TASK DESCRIPTION: Below, locate the line that contains "యే గ్రంథములోనూ కనపడ్డట్టులేదు.". Repeat exactly from that line to the line that contains "పూర్వం మనదేశంలో నీలిమందు", inclusive, leaving out the pictures.

DATA SECTION:

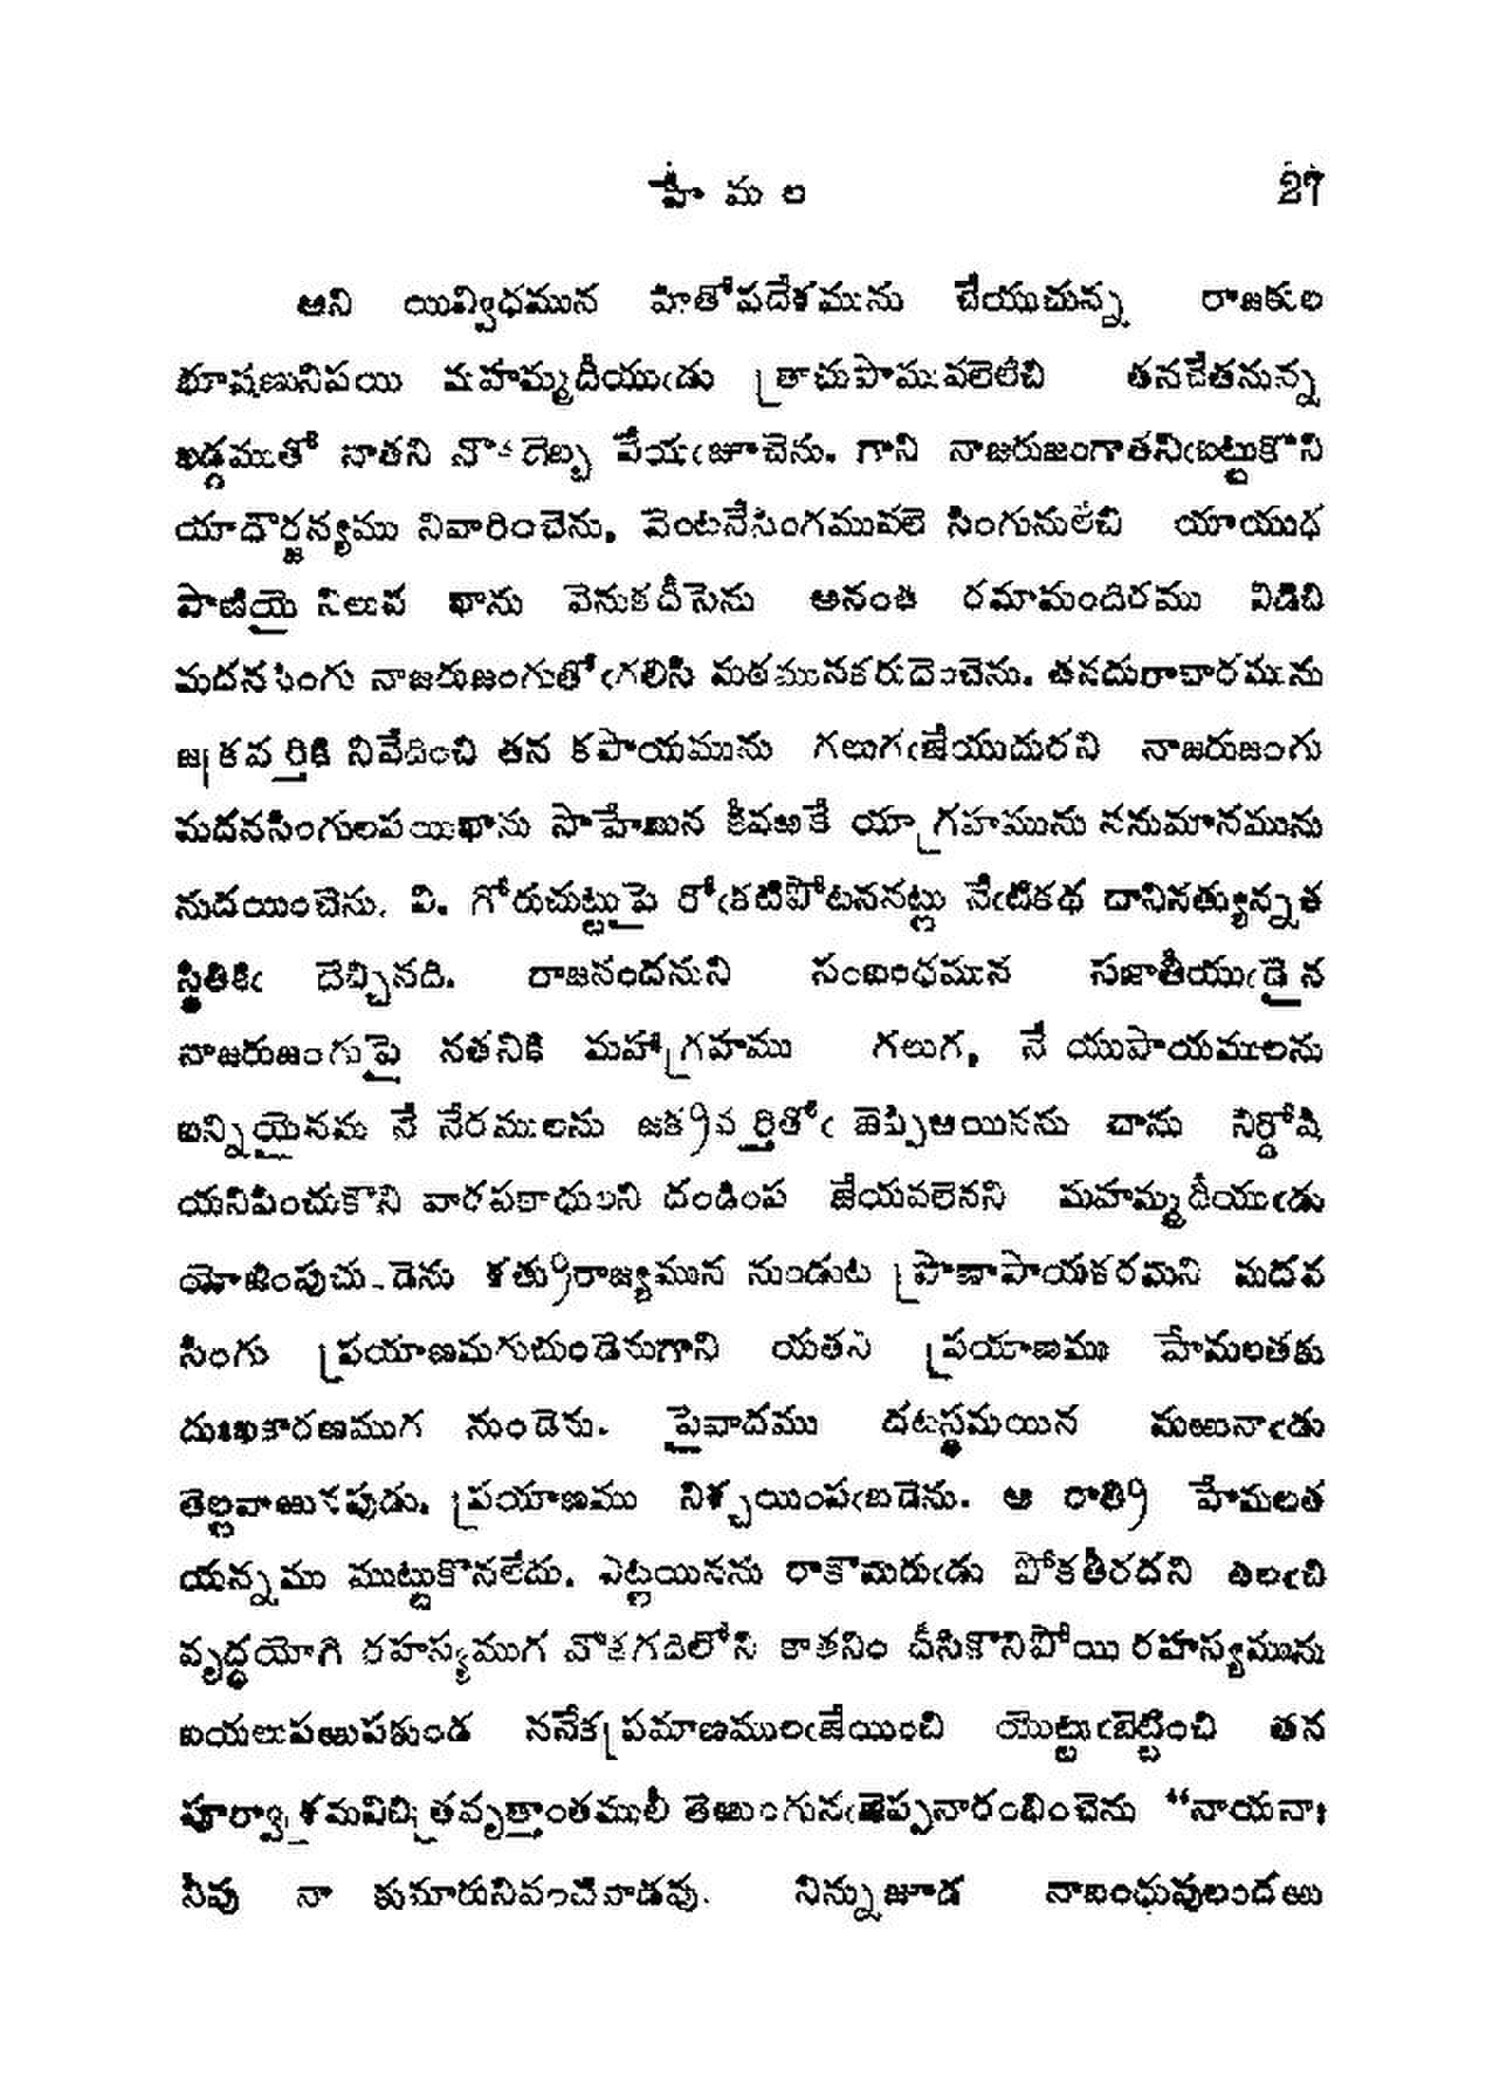అని యివ్విధమున హితోపదేశమును చేయుచున్న రాజకుల భూషణునిపయి మహమ్మదీయుఁడు త్రాచుపామువలెలేచి తనచేతనున్న ఖడ్గముతో నాతని నొకదెబ్బ వేయఁజూచెను గాని నాజరుజంగాతనిఁబట్టుకొని యాదౌర్జన్యము నివారించెను. వెంటనే సింగమువలె సింగునులేచి యాయుధ పాణియై నిలువ ఖాను వెనుకదీసెను. అనంత రమామందిరము విడిచి మదనసింగు నాజరుజంగుతోఁగలిసి మఠమునకరుదెంచెను. తనదురాచారమును జక్రవర్తికి నివేదించి తన కపాయమును గలుగజేయుదురని నాజరుజంగు మదనసింగులపయిఖాను సాహేబున కీవఱకే యాగ్రహమును ననుమానమును నుదయించెను. గోరుచుట్టుపై రోఁకటిపోటననట్లు నేఁటికథ దానినత్యున్నత స్థితికిఁ దెచ్చినది. రాజనందనుని సంబంధమున సజాతీయుఁడైన నాజరుజంగు పై నతనికి మహాగ్రహము గలుగ, నే యుపాయములను బన్నియైనను నే నేరములను జక్రవర్తితోఁ జెప్పిఅయినను తాను నిర్దోషి యనిపించుకొని వారపరాధులని దండింప జేయవలెనని మహమ్మదీయుఁడు యోజింపుచుండెను. శత్రురాజ్యమున నుండుట ప్రాణాపాయకరమని మదనసింగు ప్రయాణమగుచుండెనుగాని యతని ప్రయాణము హేమలతకు దుఃఖకారణముగ నుండెను. పైవాదము దటస్థమయిన మఱునాడు తెల్లవాఱునపుడు, ప్రయాణము నిశ్చయింపఁబడెను. ఆ రాత్రి హేమలత యన్నము ముట్టుకొనలేదు. ఎట్లయినను రాకొమరుఁడు పోకతీరదని తలఁచి వృద్ధయోగి రహస్యముగ వొకగదిలోని కాతనిం దీసికొనిపోయి రహస్యమును బయలుపఱుపకుండ ననేక ప్రమాణములఁజేయించి యొట్టుఁబెట్టించి తన పూర్వాశ్రమవిచిత్రవృత్తాంతములీ తెఱుంగునఁజెప్పనారంభించెను “నాయనా! నీవు నా కుమారునివంటివాడవు. నిన్ను జూడ నాబంధువులందఱు
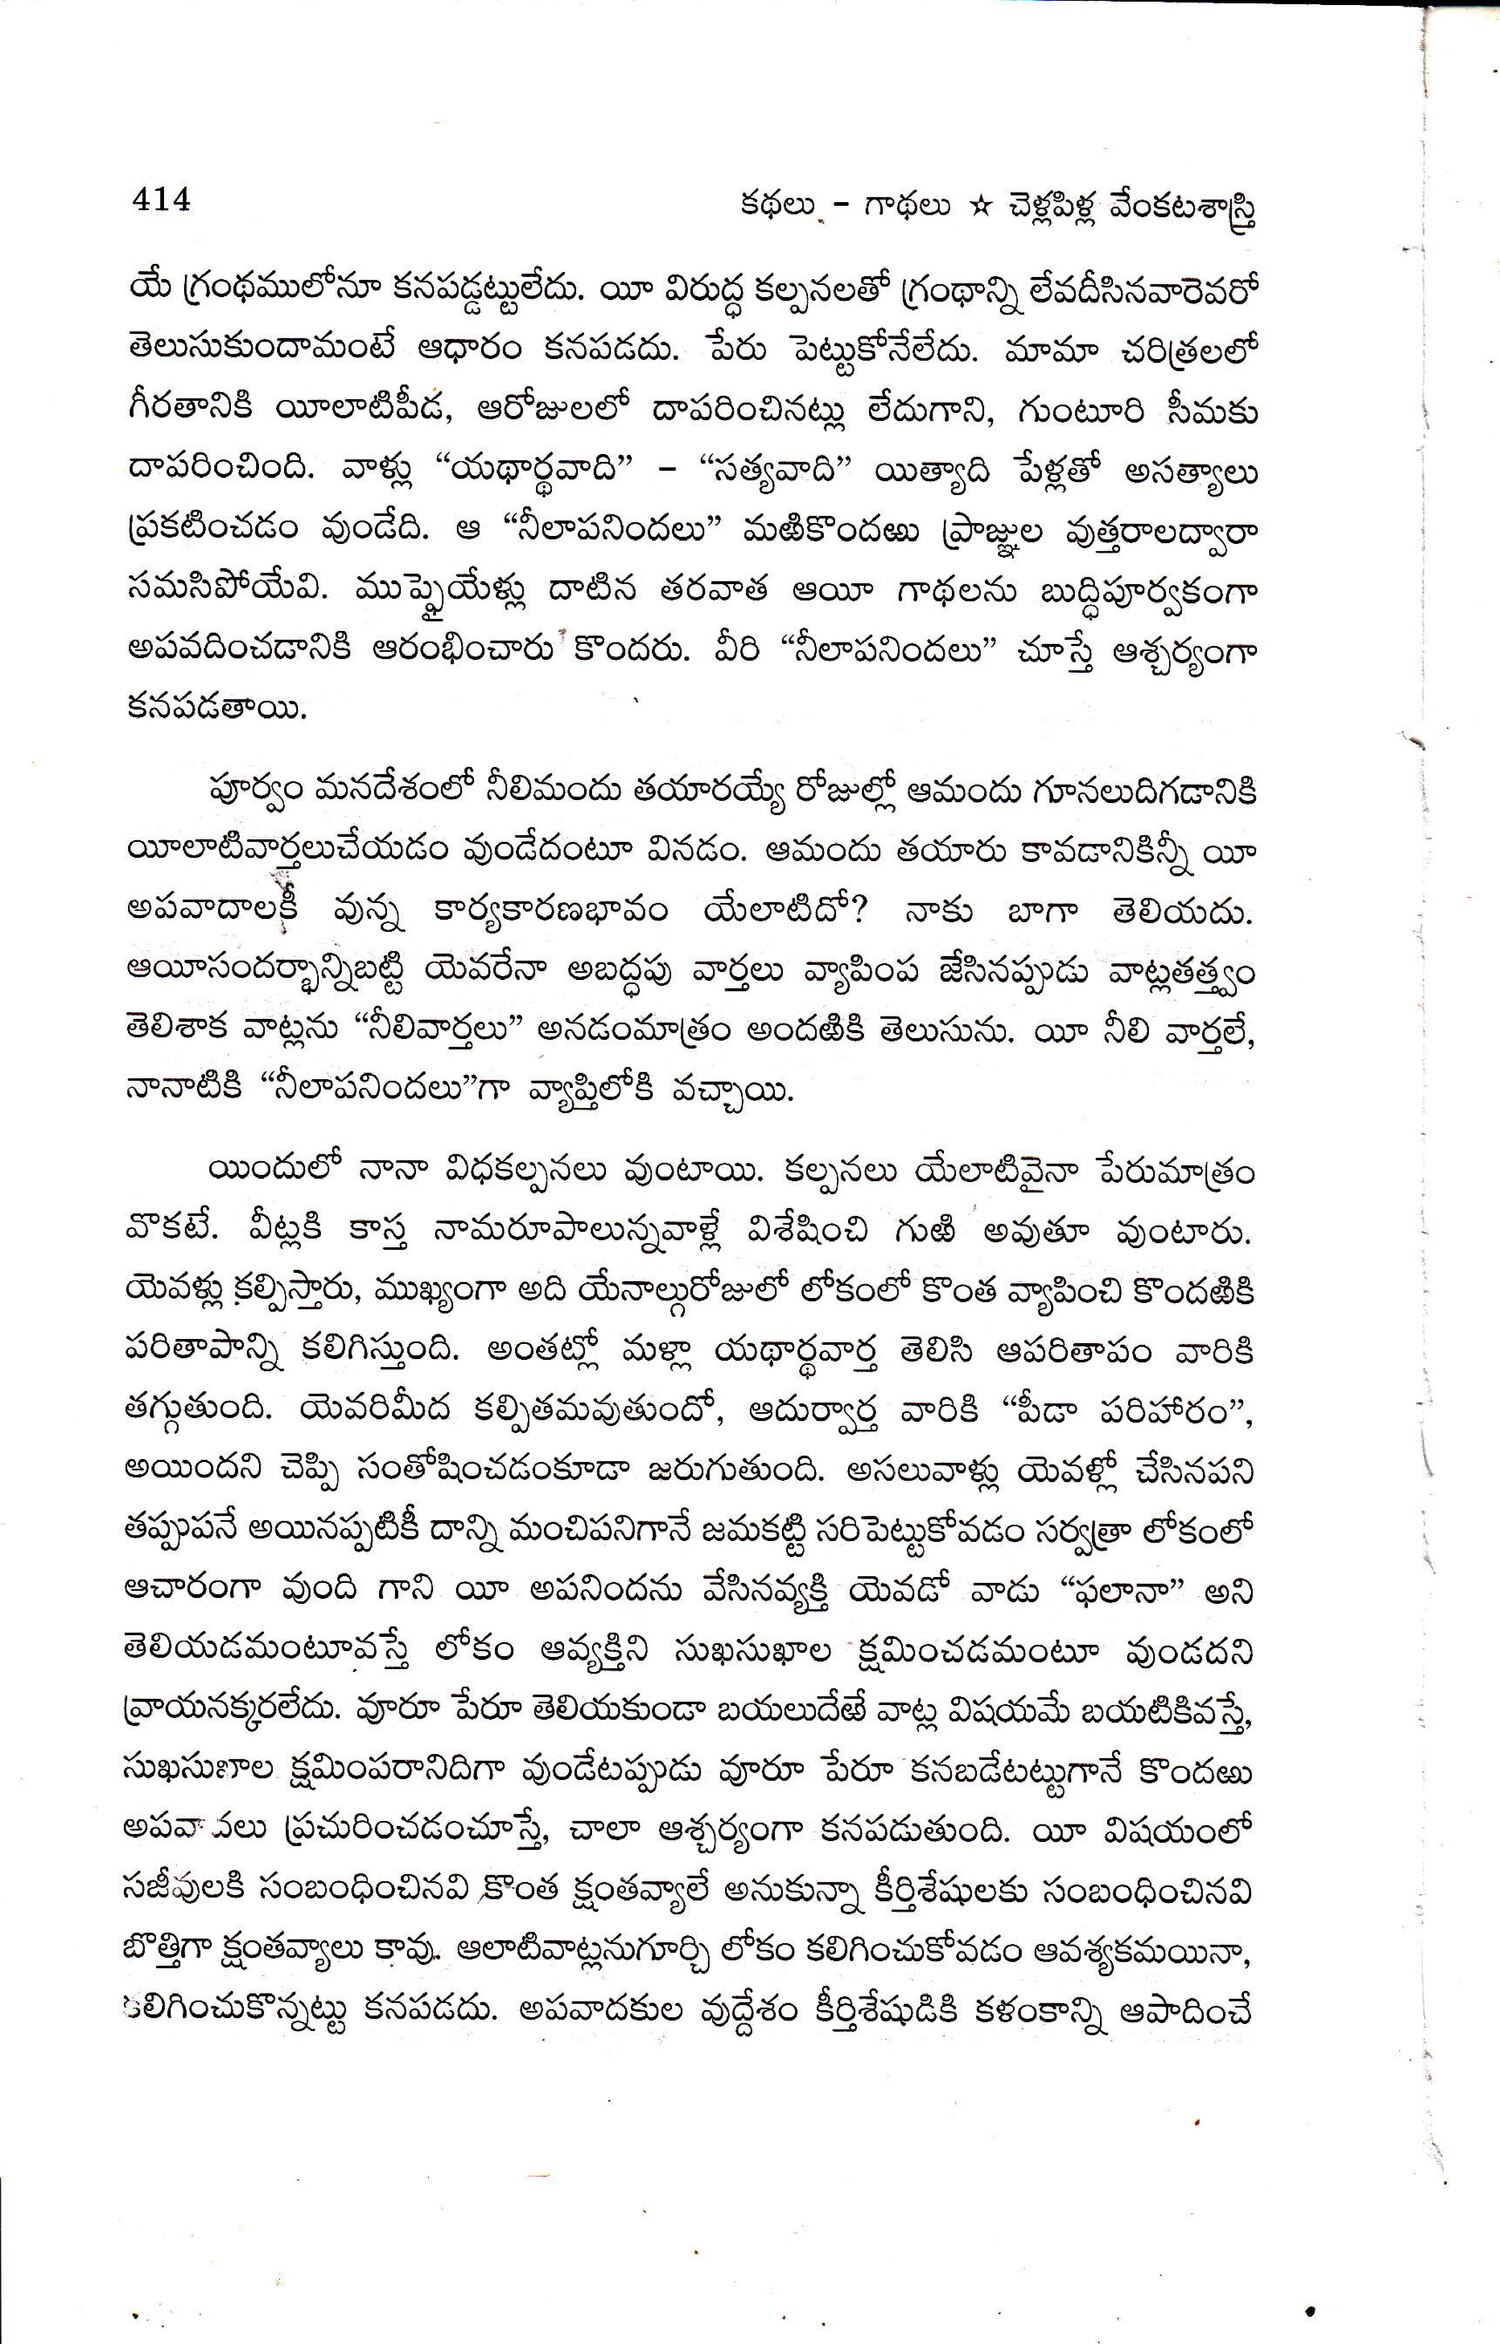యే గ్రంథములోనూ కనపడ్డట్టులేదు. యీ విరుద్ధ కల్పనలతో గ్రంథాన్ని లేవదీసినవారెవరో తెలుసుకుందామంటే ఆధారం కనపడదు. పేరు పెట్టుకోనేలేదు. మామా చరిత్రలలో గీరతానికి యీలాటిపీడ, ఆరోజులలో దాపరించినట్లు లేదుగాని, గుంటూరి సీమకు దాపరించింది. వాళ్లు “యథార్థవాది" - "సత్యవాది" యిత్యాది పేళ్లతో అసత్యాలు ప్రకటించడం వుండేది. ఆ “నీలాపనిందలు" మఱికొందఱు ప్రాజ్ఞుల వుత్తరాలద్వారా సమసిపోయేవి. ముప్పైయేళ్లు దాటిన తరవాత ఆయీ గాథలను బుద్ధిపూర్వకంగా అపవదించడానికి ఆరంభించారు. కొందరు. వీరి “నీలాపనిందలు" చూస్తే ఆశ్చర్యంగా కనపడతాయి. 

పూర్వం మనదేశంలో నీలిమందు తయారయ్యే రోజుల్లో ఆమందు గూనలుదిగడానికి యీలాటివార్తలుచేయడం వుండేదంటూ వినడం. ఆమందు తయారు కావడానికిన్నీ యీ అపవాదాలకీ వున్న కార్యకారణభావం యేలాటిదో? నాకు బాగా తెలియదు. ఆయీసందర్భాన్నిబట్టి యెవరేనా అబద్ధపు వార్తలు వ్యాపింప జేసినప్పుడు వాట్లతత్త్వం తెలిశాక వాట్లను “నీలివార్తలు” అనడంమాత్రం అందఱికి తెలుసును. యీ నీలి వార్తలే, నానాటికి “నీలాపనిందలు"గా వ్యాప్తిలోకి వచ్చాయి.

యిందులో నానా విధకల్పనలు వుంటాయి. కల్పనలు యేలాటివైనా పేరుమాత్రం వొకటే. వీట్లకి కాస్త నామరూపాలున్నవాళ్లే విశేషించి గుఱి అవుతూ వుంటారు. యెవళ్లు కల్పిస్తారు, ముఖ్యంగా అది యేనాల్గురోజులో లోకంలో కొంత వ్యాపించి కొందఱికి పరితాపాన్ని కలిగిస్తుంది. అంతట్లో మళ్లా యథార్థవార్త తెలిసి ఆపరితాపం వారికి తగ్గుతుంది. యెవరిమీద కల్పితమవుతుందో, ఆదుర్వార్త వారికి “పీడా పరిహారం", అయిందని చెప్పి సంతోషించడంకూడా జరుగుతుంది. అసలువాళ్లు యెవశ్లో చేసినపని తప్పుపనే అయినప్పటికీ దాన్ని మంచిపనిగానే జమకట్టి సరిపెట్టుకోవడం సర్వత్రా లోకంలో ఆచారంగా వుంది గాని యీ అపనిందను వేసినవ్యక్తి యెవడో వాడు "ఫలానా" అని తెలియడమంటూవస్తే లోకం ఆవ్యక్తిని సుఖసుఖాల క్షమించడమంటూ వుండదని వ్రాయనక్కరలేదు. వూరూ పేరూ తెలియకుండా బయలుదేఱే వాట్ల విషయమే బయటికివస్తే, సుఖసుఖాల క్షమింపరానిదిగా వుండేటప్పుడు వూరూ పేరూ కనబడేటట్టుగానే కొందఱు అపవాదలు ప్రచురించడంచూస్తే, చాలా ఆశ్చర్యంగా కనపడుతుంది. యీ విషయంలో సజీవులకి సంబంధించినవి కొంత క్షంతవ్యాలే అనుకున్నా కీర్తిశేషులకు సంబంధించినవి బొత్తిగా క్షంతవ్యాలు కావు. ఆలాటివాట్లనుగూర్చి లోకం కలిగించుకోవడం ఆవశ్యకమయినా, కలిగించుకొన్నట్టు కనపడదు. అపవాదకుల వుద్దేశం కీర్తిశేషుడికి కళంకాన్ని ఆపాదించే

TASK RESULT:
యే గ్రంథములోనూ కనపడ్డట్టులేదు. యీ విరుద్ధ కల్పనలతో గ్రంథాన్ని లేవదీసినవారెవరో తెలుసుకుందామంటే ఆధారం కనపడదు. పేరు పెట్టుకోనేలేదు. మామా చరిత్రలలో గీరతానికి యీలాటిపీడ, ఆరోజులలో దాపరించినట్లు లేదుగాని, గుంటూరి సీమకు దాపరించింది. వాళ్లు “యథార్థవాది" - "సత్యవాది" యిత్యాది పేళ్లతో అసత్యాలు ప్రకటించడం వుండేది. ఆ “నీలాపనిందలు" మఱికొందఱు ప్రాజ్ఞుల వుత్తరాలద్వారా సమసిపోయేవి. ముప్పైయేళ్లు దాటిన తరవాత ఆయీ గాథలను బుద్ధిపూర్వకంగా అపవదించడానికి ఆరంభించారు. కొందరు. వీరి “నీలాపనిందలు" చూస్తే ఆశ్చర్యంగా కనపడతాయి. 

పూర్వం మనదేశంలో నీలిమందు తయారయ్యే రోజుల్లో ఆమందు గూనలుదిగడానికి యీలాటివార్తలుచేయడం వుండేదంటూ వినడం. ఆమందు తయారు కావడానికిన్నీ యీ అపవాదాలకీ వున్న కార్యకారణభావం యేలాటిదో? నాకు బాగా తెలియదు. ఆయీసందర్భాన్నిబట్టి యెవరేనా అబద్ధపు వార్తలు వ్యాపింప జేసినప్పుడు వాట్లతత్త్వం తెలిశాక వాట్లను “నీలివార్తలు” అనడంమాత్రం అందఱికి తెలుసును. యీ నీలి వార్తలే, నానాటికి “నీలాపనిందలు"గా వ్యాప్తిలోకి వచ్చాయి.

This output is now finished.